Q-Learning Workflow for Lube Oil Optimization

Abstract

In this paper, we investigate the transformative potential of reinforcement learning (RL) in the maritime industry, with a focus on optimizing operational efficiency and reducing costs. Our team has explored multiple use cases of RL, placing primary emphasis on a cost-efficient lube oil refill strategy for vessels. Utilizing the Q-learning algorithm, we developed a model that optimizes lube oil refills by considering various operational parameters, including consumption rates, port distances, and refilling costs. Our results demonstrate the model’s effectiveness in minimizing operational costs while ensuring sufficient lube oil availability. Additionally, we discuss other promising applications of RL in maritime operations, such as route optimization, fuel management and predictive maintenance.

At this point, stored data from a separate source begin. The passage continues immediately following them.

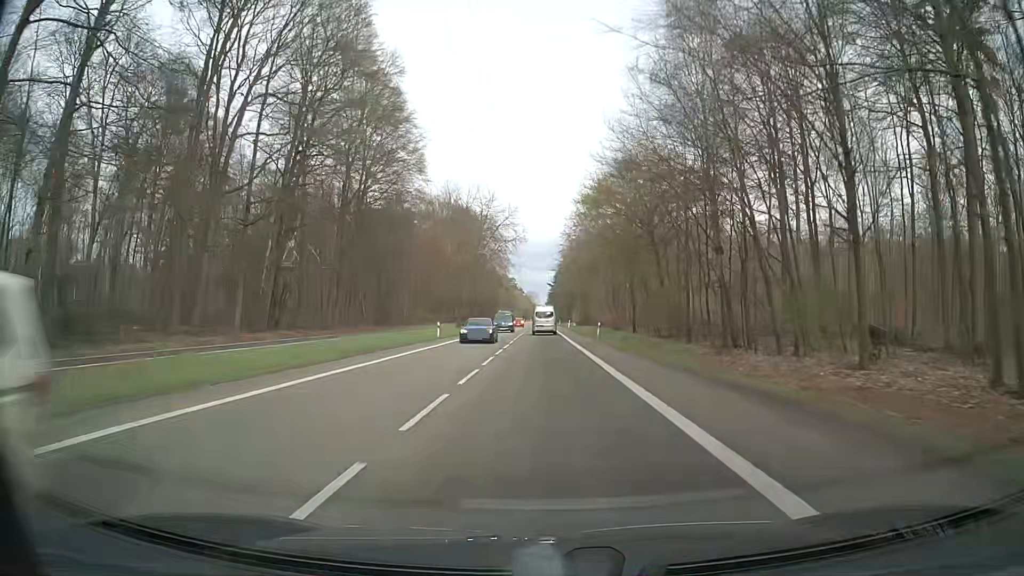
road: secondary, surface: asphalt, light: Day
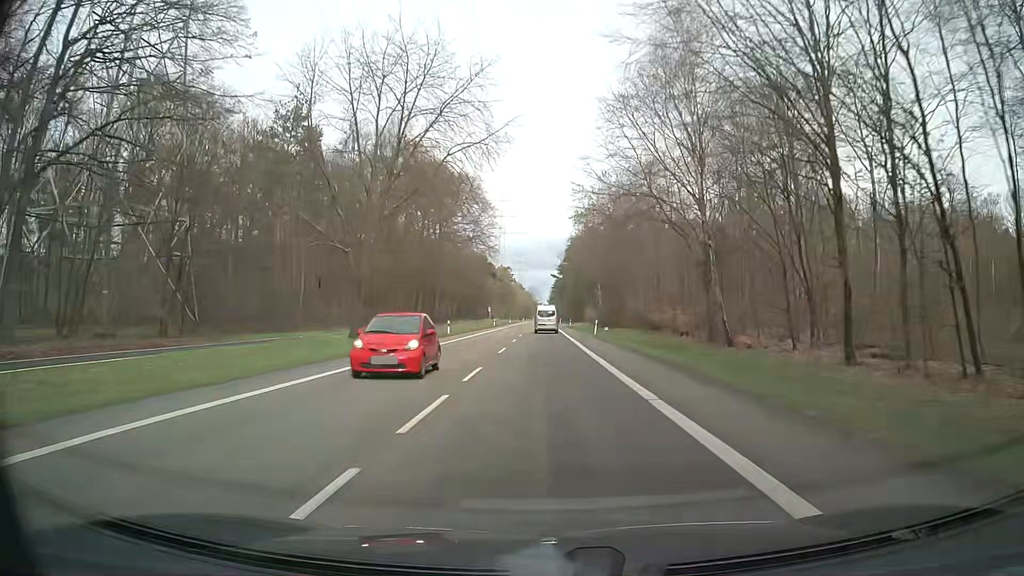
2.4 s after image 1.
(0.0, +45.9) m; +1°
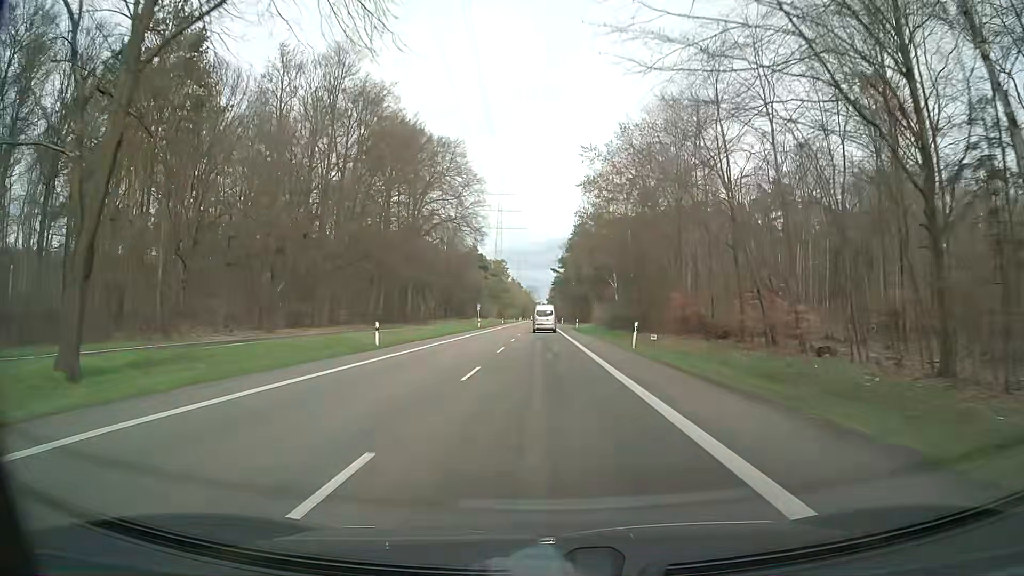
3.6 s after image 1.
(-0.2, +22.9) m; 0°
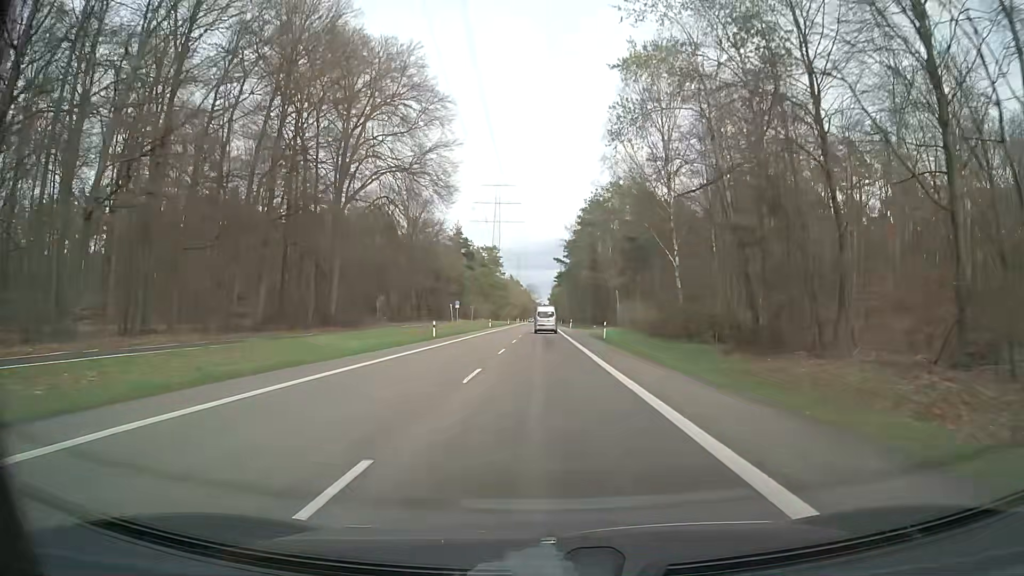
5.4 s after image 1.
(-0.1, +34.5) m; 0°
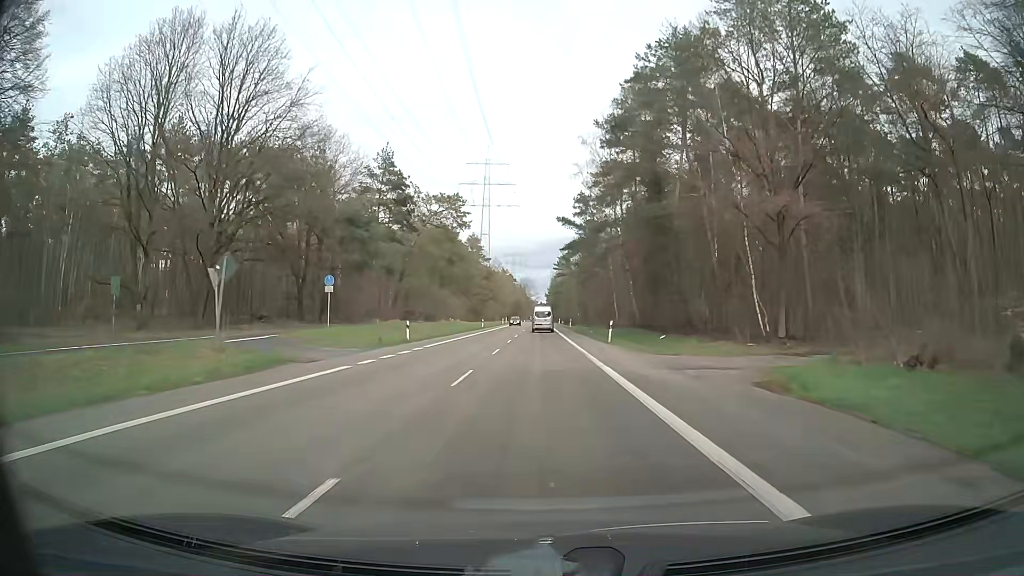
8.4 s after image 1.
(-0.1, +57.9) m; 0°
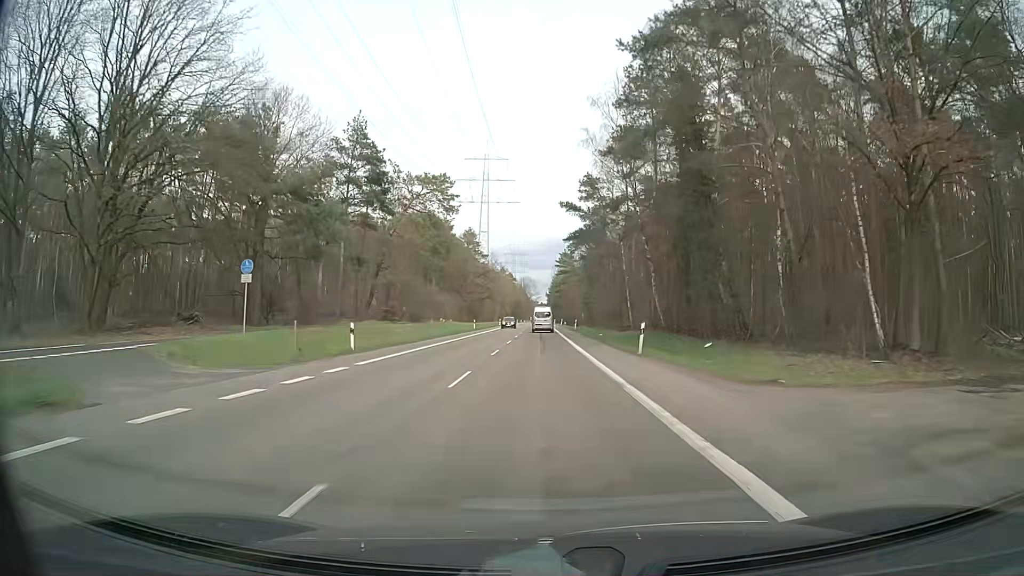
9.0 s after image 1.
(0.0, +11.7) m; 0°
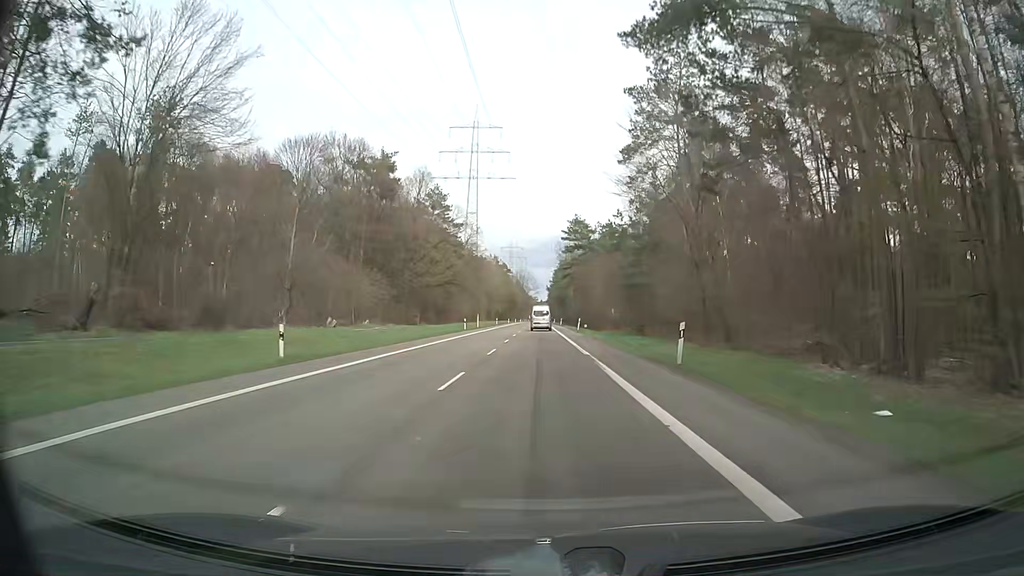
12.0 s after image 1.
(-0.2, +57.7) m; 0°
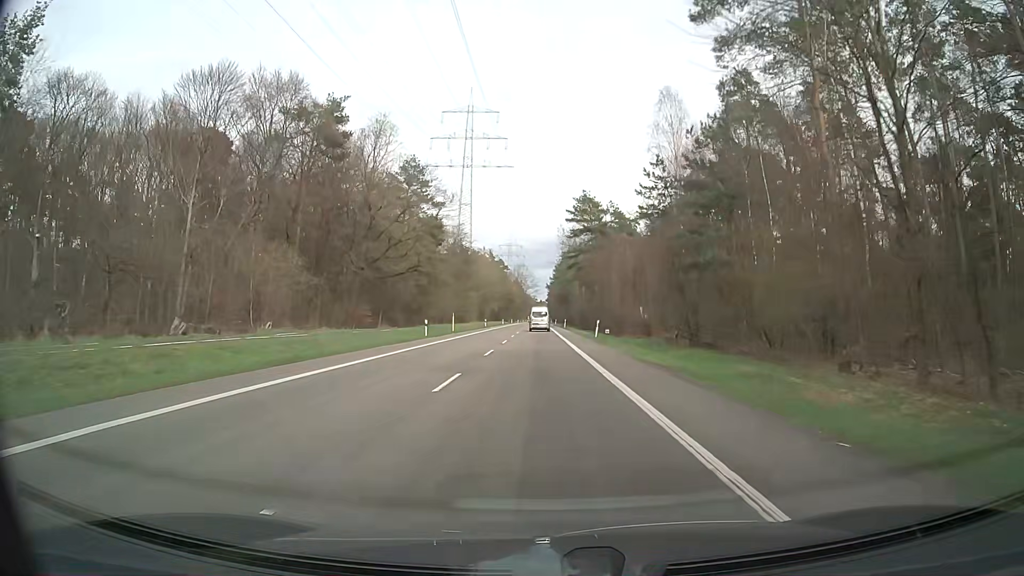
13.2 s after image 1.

This research showcases the broad applicability and significant benefits of RL in enhancing maritime operational efficiency.

1. Introduction

The maritime industry continuously seeks innovative solutions to optimize operations and reduce costs. Reinforcement learning (RL), a subfield of machine learning, offers promising techniques to achieve these goals. This paper provides an overview of RL applications in the maritime industry, highlighting research conducted by our team and presenting a detailed use case utilizing the Q-learning algorithm to optimize the lube oil refill strategy.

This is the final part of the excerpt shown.